The official Queensland Treasury number released in late January was that the coal industry was set to lose about 15 million tonnes in coal production as a result of the floods.
The official Queensland Treasury number released in late January was that the coal industry was set to lose about 15 million tonnes in coal production as a result of the floods. Daryl Wright

WITH the sun out and people beginning to put one of the wettest seasons on record behind them, it is hard to imagine that 75% of Queensland mines are still inundated by water.

Speaking at the Surat Basin Coal and Energy conference yesterday, Queensland Resources Council chief executive Michael Roche reminded people that the problem of water on Bowen Basin mine sites was far from over.

Mr Roche showed a photo of a flooded pit at one of the mines in the Bowen Basin, which still contained 48 gigalitres (one gigalitre is equivalent to 100,000,000 litres) of water, which had built up over the wet season.

Mr Roche joked, saying he thought the mine would have gotten rid of about one gigalitre by now, only leaving them with 47 gigalitres to worry about.

“Basically what the mines are doing is moving water around on site, from pit to pit,” he said.

“I flew over the mines recently and there was activity, but still pit after pit was filled with water.

“They need to get rid of that water but the challenge is how and when.”

Mr Roche said the problem was serious and must not be overlooked.

“While the commission of inquiry understandably is focusing on the human impacts around Toowoomba, Grantham and Brisbane, we think the commission inquiry needs to take into account the huge economic cost to the state and the coal industry in particular.

The official Queensland Treasury number released in late January was that the coal industry was set to lose about 15 million tonnes in coal production as a result of the floods.

“We thought at the time a minimum 30 million tonnes and it could be as high as 53 million tonnes,” Mr Roche said.

“We think now it will be somewhere between 30 and 53, perhaps around the 40 million mark; that is the equivalent of wiping out all of the economic growth in Queensland for 2009/10.”

“Ironically, government is going to have a large bill out of the disasters, a lot of infrastructure to be restored and rebuilt.

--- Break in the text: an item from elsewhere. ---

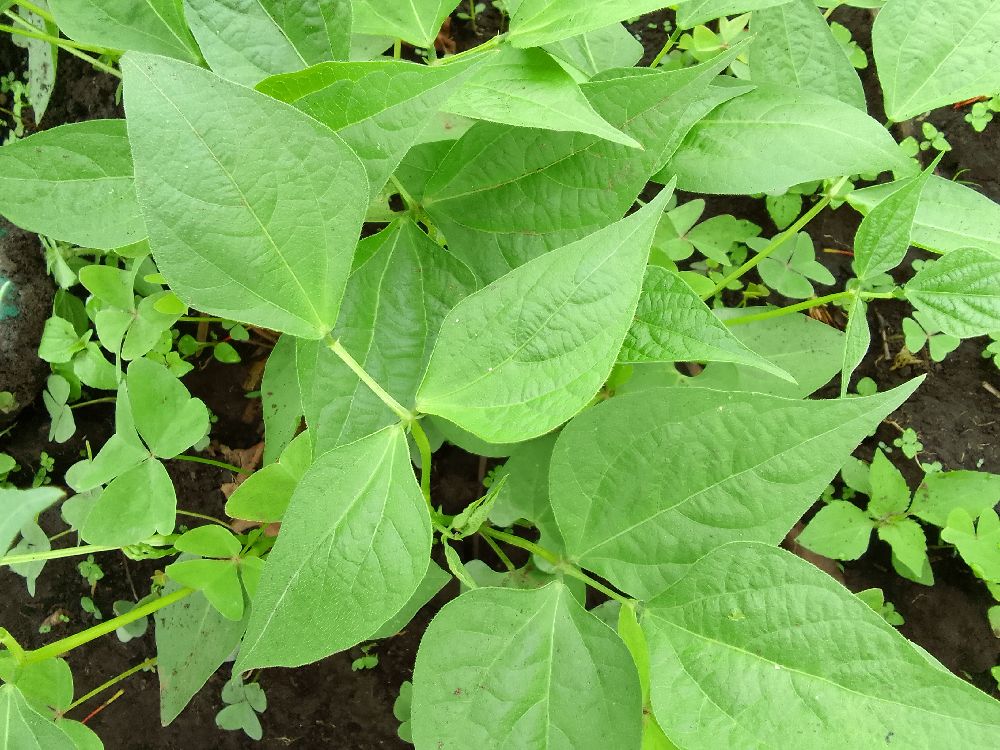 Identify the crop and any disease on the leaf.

"Yet one of the major sources of potential funding for that effort continues to be hampered.

“We don’t believe the Queensland government believed or wanted to believe the extent of the problem,” he said.

After a 2010/11 wet season that could only be described as disastrous for the coal mining sector, Mr Roche said the industry had to look towards preparing for the 2011/12 season.

“The damage for this financial year has been done. We can’t just hope that next wet season will be more normal, but what we do know is that lots of mines will be carrying a lot of water going into 2011/12.

“What the companies are telling me is the single largest problem they have is that under the new water discharge conditions, which came into force in 2009, they were not able to deal with the build-up of water on their sites in 2008/09, therefore, not able to get ready for the wet season we have just come through.

“Many mines went into this wet season with substantial quantities of water and then this wet season has just played havoc with so many of them.

Mr Roche said the Queensland Resources Council was hoping that next wet season the environmental authorities themselves would be more robust in terms of allowing mines to prepare for the season after.

“We hope we get a bit of relief with a normal dry season, but I do have a concern we are very vulnerable to a repeat of the season we just had.”